#### [Action item]
Exact copies of the lines from the start of the records through the line with "8C9.791 8 8" are what the answer must hold; pictures are not part of it.
--- START ---
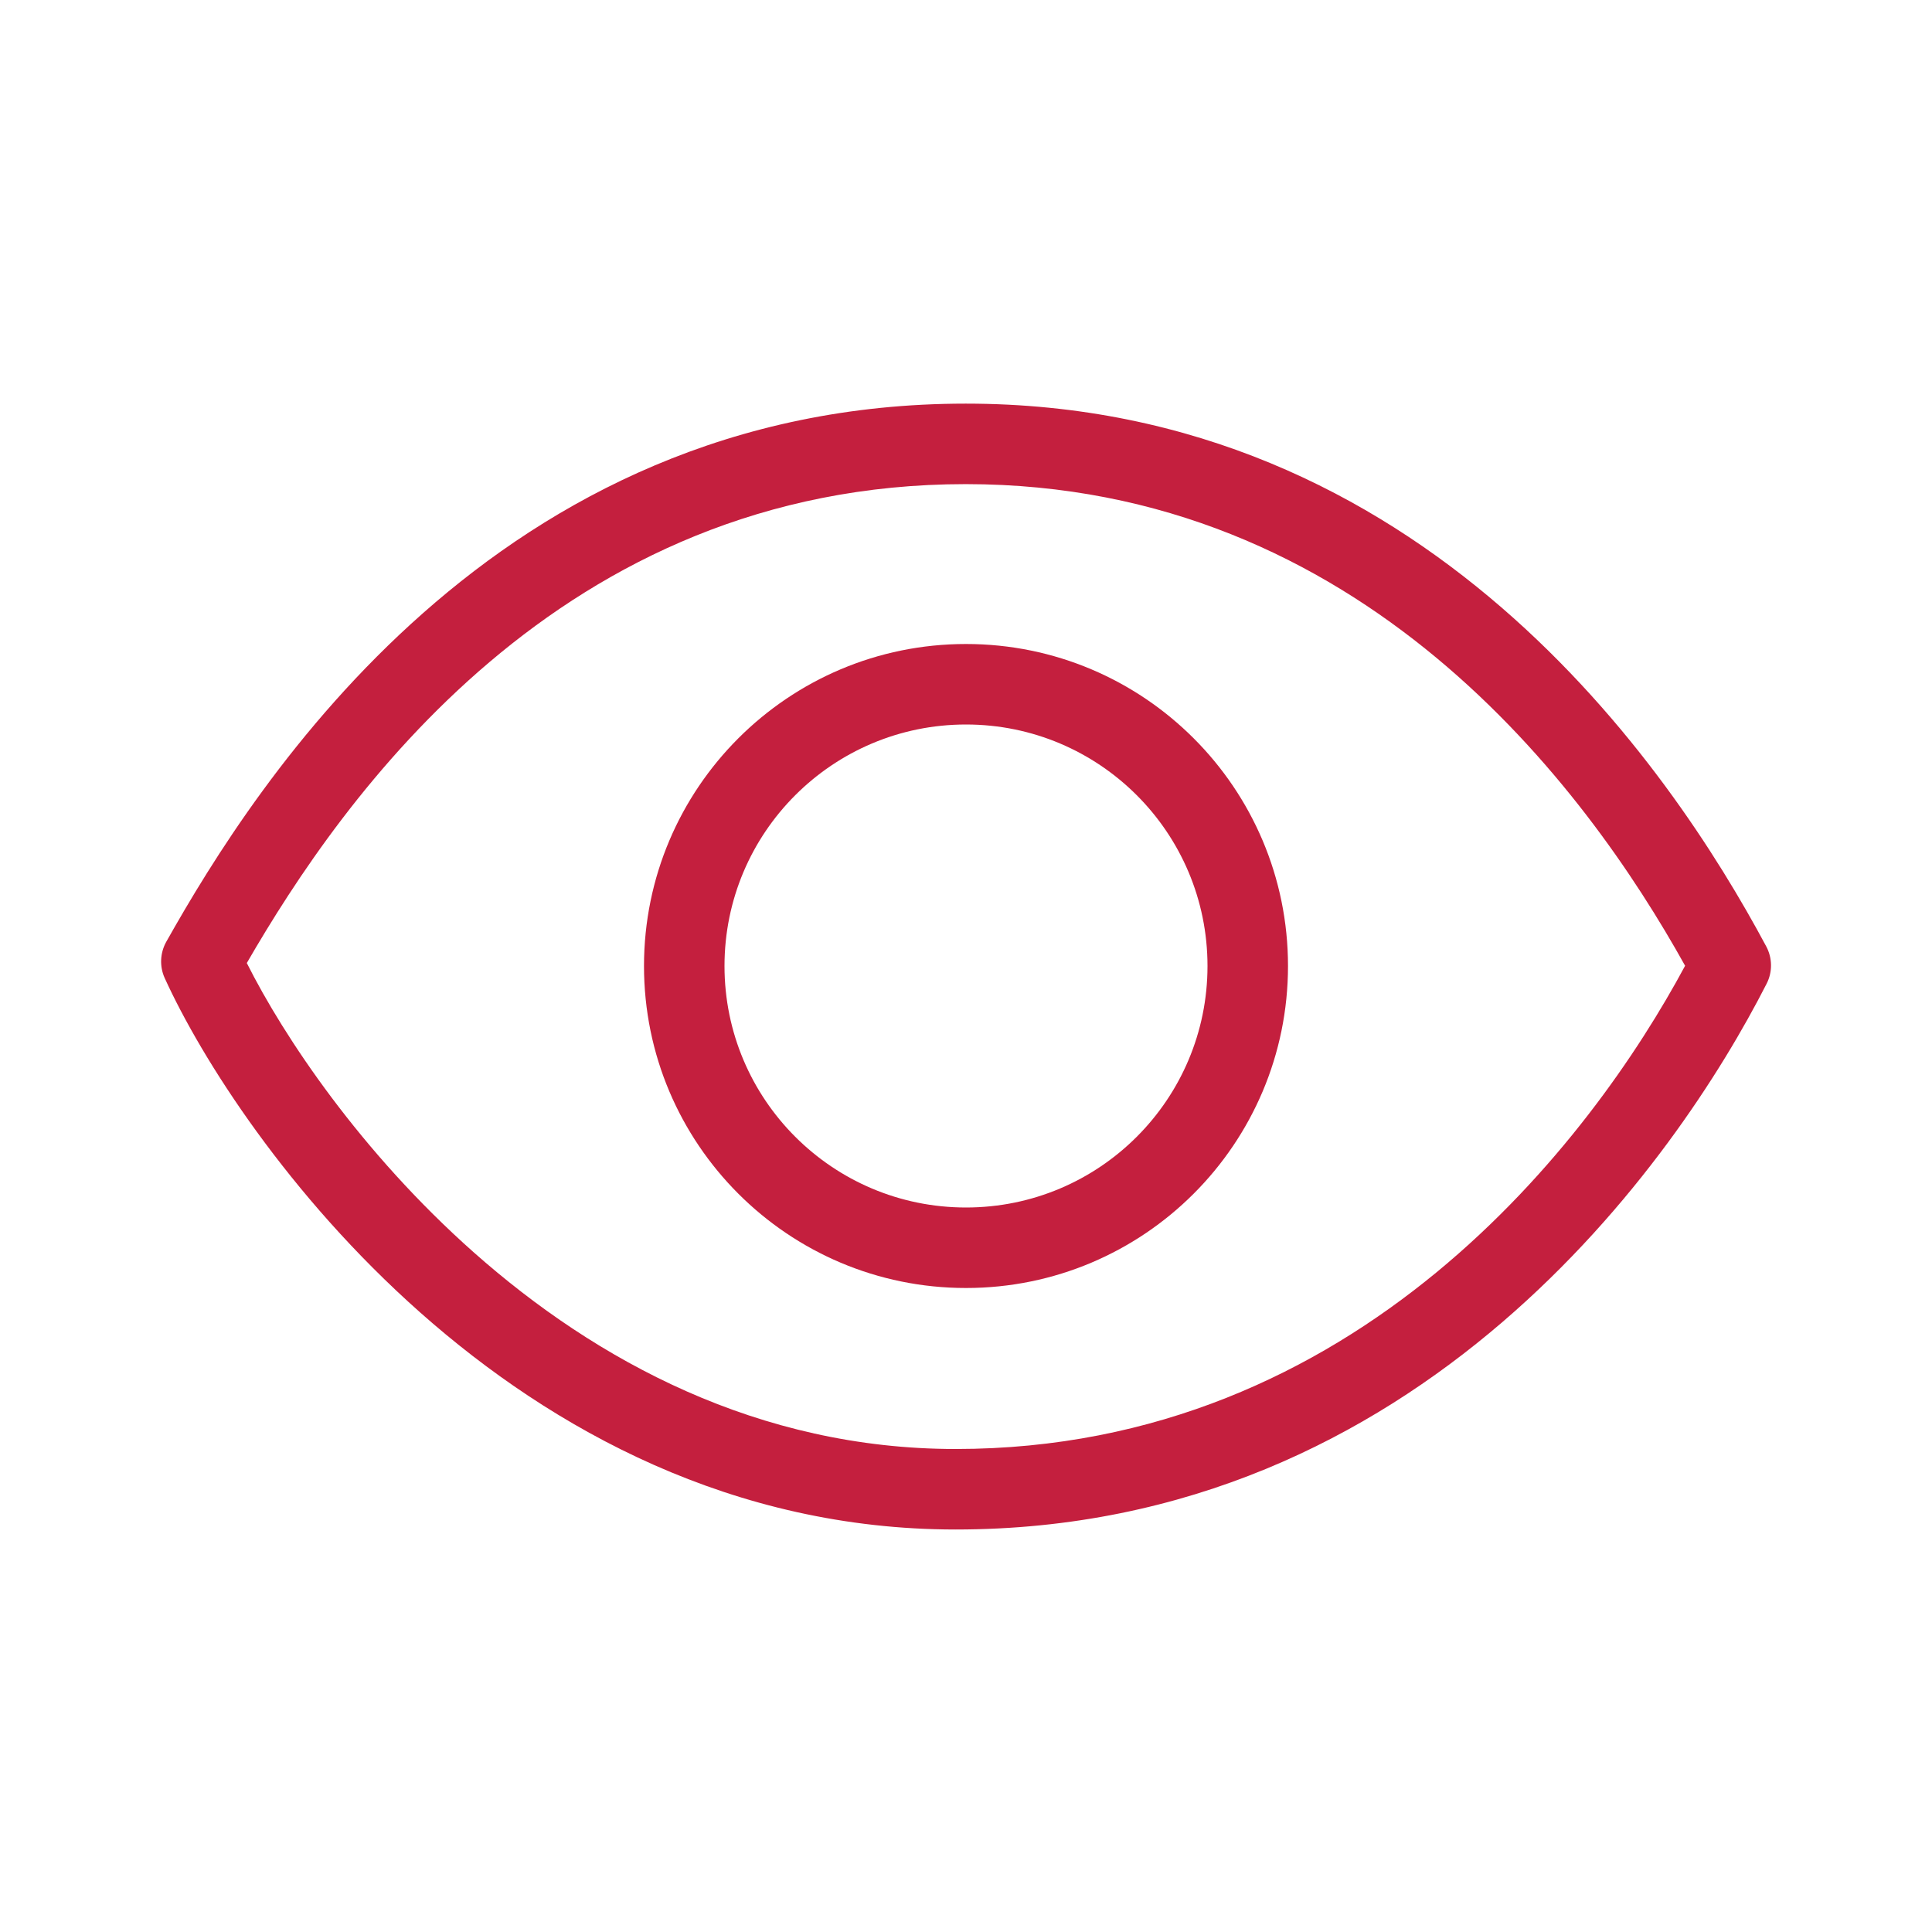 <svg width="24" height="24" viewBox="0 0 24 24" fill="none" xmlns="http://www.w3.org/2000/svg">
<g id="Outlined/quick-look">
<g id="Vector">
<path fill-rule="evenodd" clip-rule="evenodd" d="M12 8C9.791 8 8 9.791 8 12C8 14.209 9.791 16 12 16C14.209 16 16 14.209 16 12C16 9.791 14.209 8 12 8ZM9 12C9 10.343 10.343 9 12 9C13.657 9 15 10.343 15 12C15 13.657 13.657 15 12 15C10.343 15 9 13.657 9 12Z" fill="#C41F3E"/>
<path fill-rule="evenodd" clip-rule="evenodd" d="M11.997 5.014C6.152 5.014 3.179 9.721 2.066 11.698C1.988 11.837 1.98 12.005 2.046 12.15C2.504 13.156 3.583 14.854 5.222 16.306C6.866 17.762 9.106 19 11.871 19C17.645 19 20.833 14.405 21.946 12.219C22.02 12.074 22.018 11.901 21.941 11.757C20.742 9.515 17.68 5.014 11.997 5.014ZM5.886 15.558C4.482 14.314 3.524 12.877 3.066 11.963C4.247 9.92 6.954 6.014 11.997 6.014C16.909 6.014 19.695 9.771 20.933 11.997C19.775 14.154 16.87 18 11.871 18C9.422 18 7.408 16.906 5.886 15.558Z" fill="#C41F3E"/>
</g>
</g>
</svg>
--- END ---
#### [Answer to this task]
 <svg width="24" height="24" viewBox="0 0 24 24" fill="none" xmlns="http://www.w3.org/2000/svg">
<g id="Outlined/quick-look">
<g id="Vector">
<path fill-rule="evenodd" clip-rule="evenodd" d="M12 8C9.791 8 8 9.791 8 12C8 14.209 9.791 16 12 16C14.209 16 16 14.209 16 12C16 9.791 14.209 8 12 8ZM9 12C9 10.343 10.343 9 12 9C13.657 9 15 10.343 15 12C15 13.657 13.657 15 12 15C10.343 15 9 13.657 9 12Z" fill="#C41F3E"/>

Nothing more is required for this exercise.